Segment Open

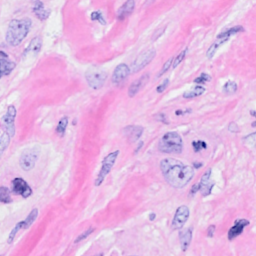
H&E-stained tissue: Breast
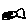
Label: fish
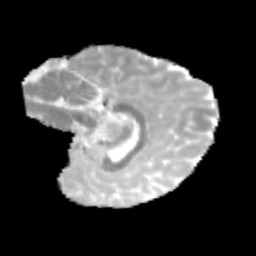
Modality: MD
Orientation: sagittal
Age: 10
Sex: female
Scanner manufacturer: siemens
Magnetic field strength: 3 T
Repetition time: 3.8 s
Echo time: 0.07 s
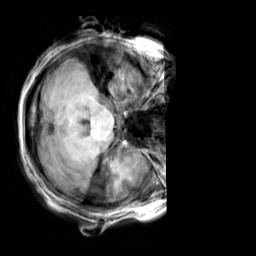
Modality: T1w
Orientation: axial
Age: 21
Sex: female
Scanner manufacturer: siemens
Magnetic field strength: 3 T
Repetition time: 2.3 s
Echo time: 0.00303 s
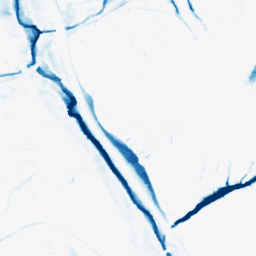
Category: morphological
Decomposition family: morphological_ellipse
Decomposition parameters: operation: closing
width: 10
height: 20
Upsampling method: linear_exact
Upsampling parameters: scale: 8
Upsampling scale: 8
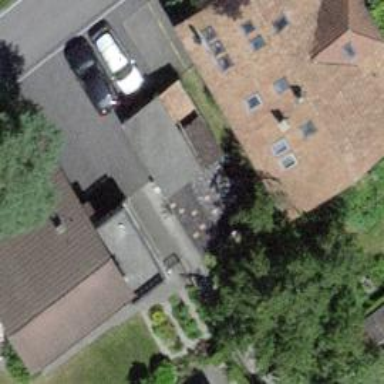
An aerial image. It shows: Garage building.
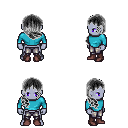
a pixel art fantasy rpg character, male body template, dark elf, purple skin, teal long-sleeve shirt, metal pants, gray right-swept hairstyle, maroon shoes, four views (front, back, left, right), 2x2 character sprite sheet, small pixel art, hard edges, no anti-aliasing
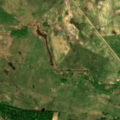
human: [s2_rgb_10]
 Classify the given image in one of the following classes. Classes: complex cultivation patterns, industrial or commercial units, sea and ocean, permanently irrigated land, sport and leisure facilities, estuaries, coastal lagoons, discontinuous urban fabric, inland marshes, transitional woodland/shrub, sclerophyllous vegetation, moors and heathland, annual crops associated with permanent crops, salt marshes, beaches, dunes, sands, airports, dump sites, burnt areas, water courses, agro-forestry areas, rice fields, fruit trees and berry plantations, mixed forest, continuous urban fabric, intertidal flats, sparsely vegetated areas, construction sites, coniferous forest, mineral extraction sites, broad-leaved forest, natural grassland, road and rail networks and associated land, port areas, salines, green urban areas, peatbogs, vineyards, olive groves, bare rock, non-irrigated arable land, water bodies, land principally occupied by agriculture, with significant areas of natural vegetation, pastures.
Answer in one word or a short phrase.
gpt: pastures, complex cultivation patterns
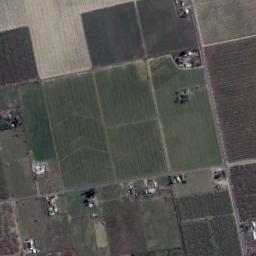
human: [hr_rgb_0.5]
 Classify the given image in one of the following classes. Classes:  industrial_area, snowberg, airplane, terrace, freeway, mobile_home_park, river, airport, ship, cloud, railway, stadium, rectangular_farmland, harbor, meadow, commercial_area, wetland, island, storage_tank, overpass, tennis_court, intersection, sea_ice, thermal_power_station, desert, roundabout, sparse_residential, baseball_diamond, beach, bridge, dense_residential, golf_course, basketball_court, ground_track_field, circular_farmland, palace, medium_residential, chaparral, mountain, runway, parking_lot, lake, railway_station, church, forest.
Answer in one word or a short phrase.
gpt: rectangular_farmland
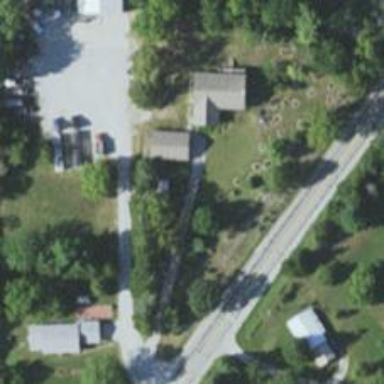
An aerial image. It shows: Driveway.
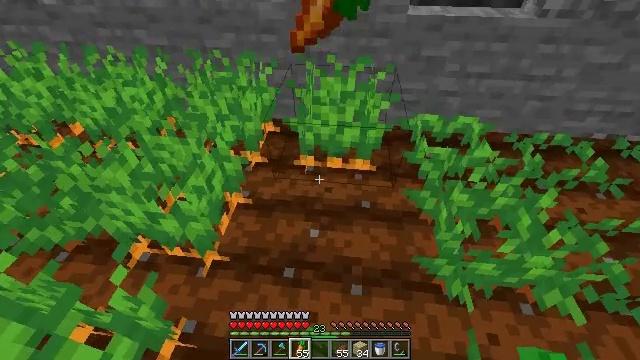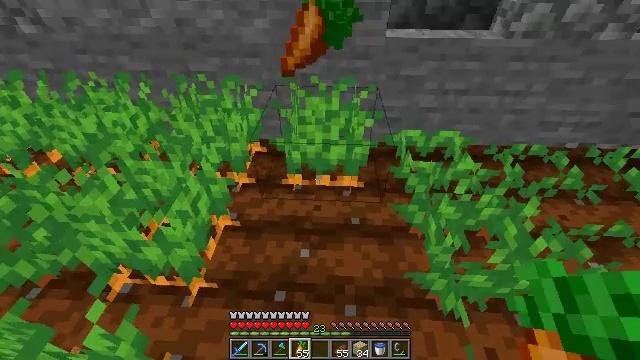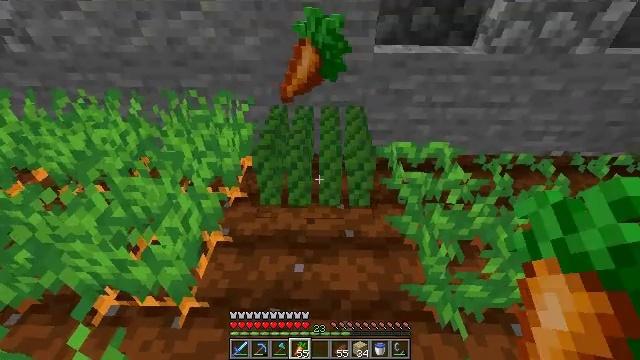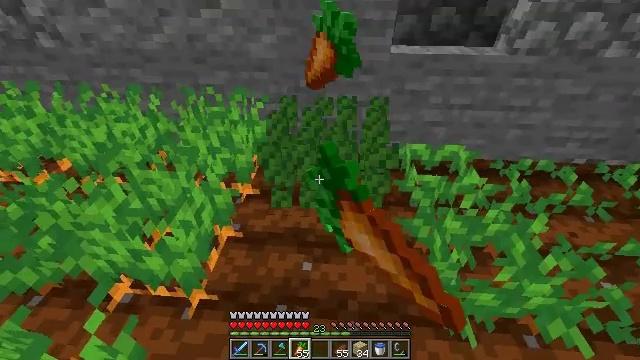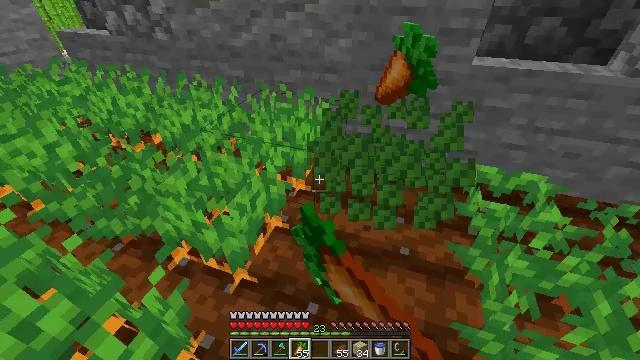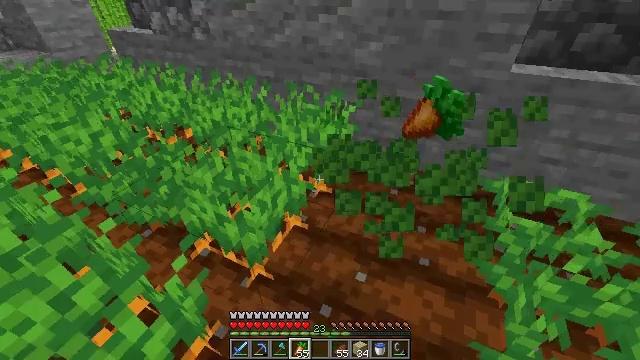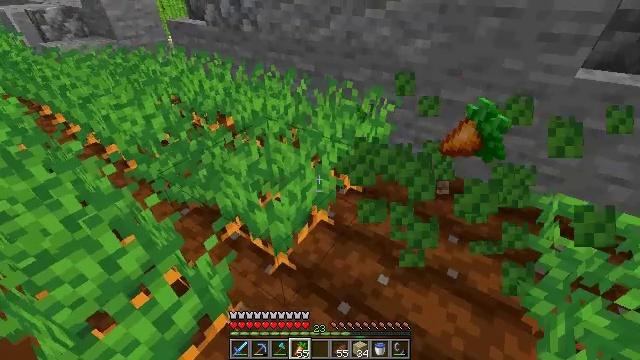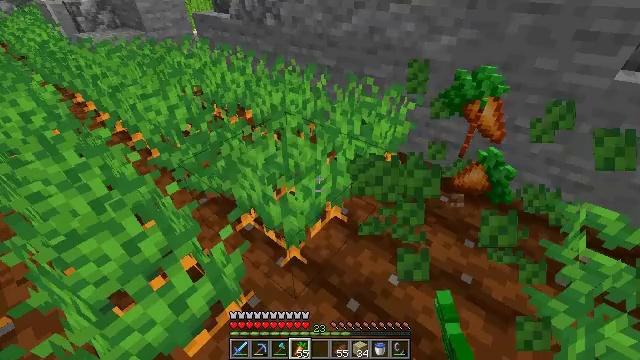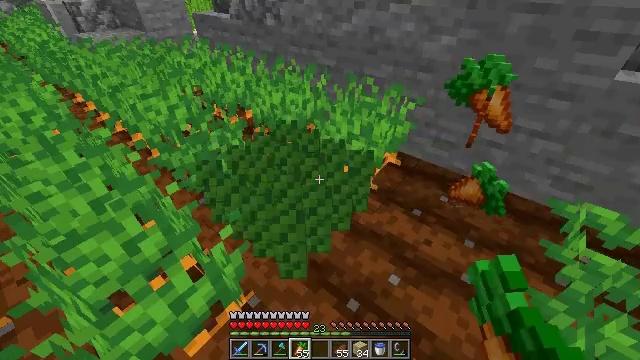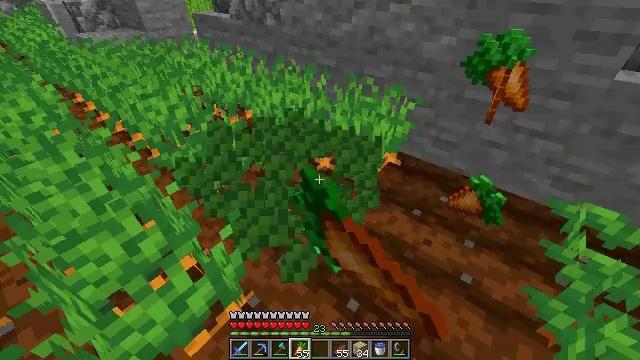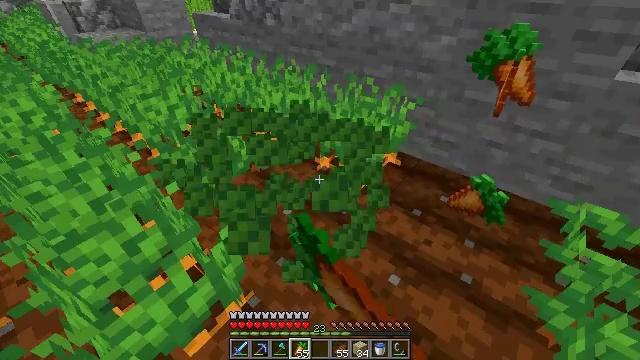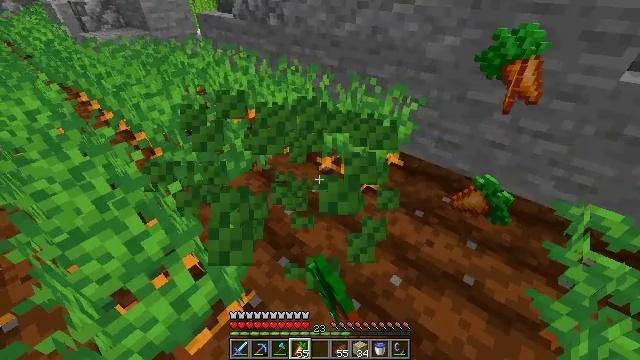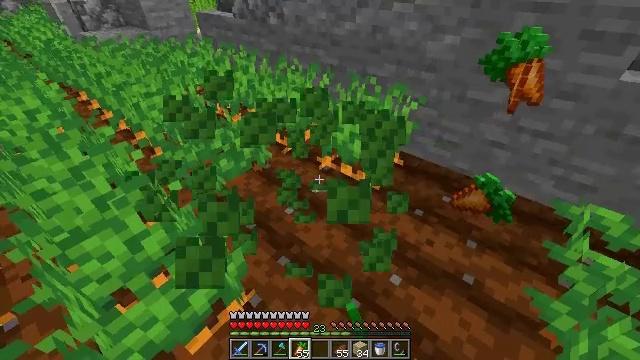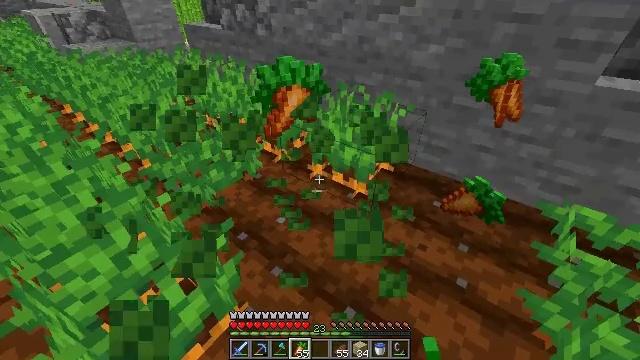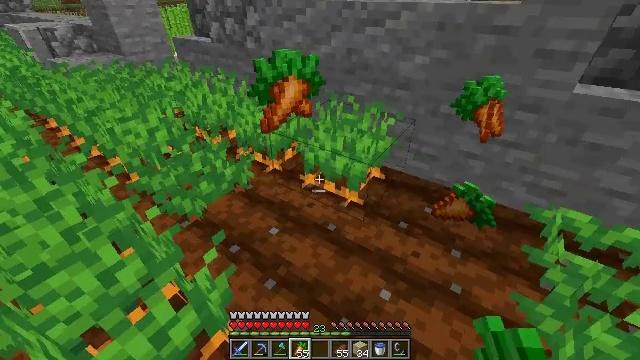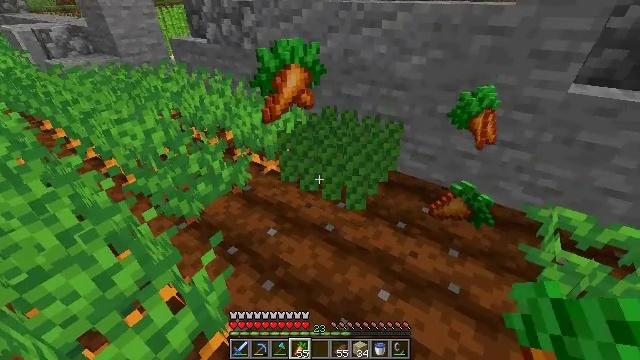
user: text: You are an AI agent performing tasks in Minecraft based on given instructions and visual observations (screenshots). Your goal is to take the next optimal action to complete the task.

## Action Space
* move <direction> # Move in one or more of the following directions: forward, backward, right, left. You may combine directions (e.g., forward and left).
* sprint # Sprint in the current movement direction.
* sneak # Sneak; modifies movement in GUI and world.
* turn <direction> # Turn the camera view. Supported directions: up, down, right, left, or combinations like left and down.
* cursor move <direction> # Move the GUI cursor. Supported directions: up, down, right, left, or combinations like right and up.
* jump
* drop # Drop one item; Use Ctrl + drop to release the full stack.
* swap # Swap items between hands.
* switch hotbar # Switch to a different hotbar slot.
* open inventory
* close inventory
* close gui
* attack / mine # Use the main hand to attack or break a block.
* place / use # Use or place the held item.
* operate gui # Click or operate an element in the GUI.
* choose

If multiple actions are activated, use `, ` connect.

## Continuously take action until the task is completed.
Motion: motion action
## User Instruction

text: Gather carrots from the field.
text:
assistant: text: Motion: turn right and up
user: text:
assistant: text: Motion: turn right and up, attack / mine
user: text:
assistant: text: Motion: turn left, attack / mine
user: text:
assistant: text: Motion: turn left
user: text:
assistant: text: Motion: turn left
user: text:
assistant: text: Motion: turn left
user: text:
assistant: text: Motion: turn left
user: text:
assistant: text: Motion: attack / mine
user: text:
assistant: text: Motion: attack / mine
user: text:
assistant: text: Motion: attack / mine
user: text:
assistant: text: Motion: no_op
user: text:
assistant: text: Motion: no_op
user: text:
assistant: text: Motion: turn right and up
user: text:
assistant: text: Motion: turn right and up
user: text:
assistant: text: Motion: attack / mine
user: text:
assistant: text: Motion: attack / mine
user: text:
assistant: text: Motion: turn left and down
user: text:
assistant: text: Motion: turn left and down
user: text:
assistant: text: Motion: turn left and down
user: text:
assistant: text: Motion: turn left and down
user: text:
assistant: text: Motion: attack / mine
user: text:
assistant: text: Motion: attack / mine
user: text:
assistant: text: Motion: move left, turn left
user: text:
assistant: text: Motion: move left, turn left
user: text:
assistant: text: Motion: move left, turn left
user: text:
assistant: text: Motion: turn left
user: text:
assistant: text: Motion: turn left and up
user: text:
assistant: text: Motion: attack / mine
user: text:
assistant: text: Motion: move forward, attack / mine
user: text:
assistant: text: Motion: move forward, turn right

Segment Closed

=== Task statement ===
Pick from the records each line that contains the word "take" and show it.

=== Result below ===
user: text: You are an AI agent performing tasks in Minecraft based on given instructions and visual observations (screenshots). Your goal is to take the next optimal action to complete the task.
## Continuously take action until the task is completed.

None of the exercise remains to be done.